Friday, July 27, 2012

The Monroe...Something

I've never written about Monroe before, and I couldn't think of anything to call this post except The Monroe Doctrine, which seemed so obvious and cheesy and unrelated to the post's content that I decided I couldn't do it. But there's not really another catchy phrase with "Monroe" in it. So I gave up.

The reason I stopped to check out this building had nothing to do with what it is, or what it used to be, and only a little to do with the fact that it's all cute and historic-looking. I stopped because of the Mustard Seed sign over the door. Long ago, in a career far away, I once played a fairy in an outdoor production of A Midsummer Night's Dream. I remember my sparkly eyeshadow, and my black platform sandals from Payless, and I probably remember a lot of everyone else's lines, because Shakespeare has a way of taking up permanent residence in one's brain. But I have no idea which fairy I was. It could have been Mustard Seed. But then again it could have been Peaseblossom. I'm pretty sure it wasn't Cobweb, because that would have mildly terrified me. But I wasn't thinking about all that when I suddenly caught sight of this sign and turned around to see what the building was. It was just that something about "Mustard Seed" appealed to me.
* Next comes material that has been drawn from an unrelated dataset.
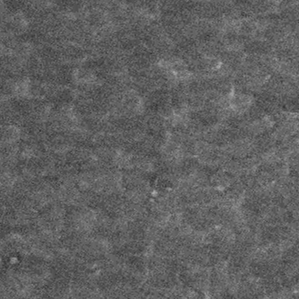
Label: frost

It turns out the Mustard Seed Thrift Shoppe is owned by the Monroe Congregational Church, which is right next door and which is also a very pretty historic building - actually far more distinctive than this one, but I always prefer buildings that look like you could hitch them to your car and drive off with them in the night. The church was built in 1847, though there had been a meeting house on the Monroe (then New Stratford) Green since the 1700s.

The sign on the front says "Beardsley Hall," and under that, "Former Monroe Centre School, Circa 1830." And so another old schoolhouse finds me. The schoolhouse, according to the Church's website, was purchased at auction in 1935. It was used to expand the existing Beardsley Hall, dating from 1886, and if you walk around to the side you'll see that this is indeed part of a much larger building, and not really as tow-able as it appears from the front.

Unsurprisingly, I found out after I left Monroe that the town has another old schoolhouse, located very close to this one. Of course if I'd gone to Monroe with the intention of finding schoolhouses, I would have found that one but not this one. That's the Monroe Something, I guess.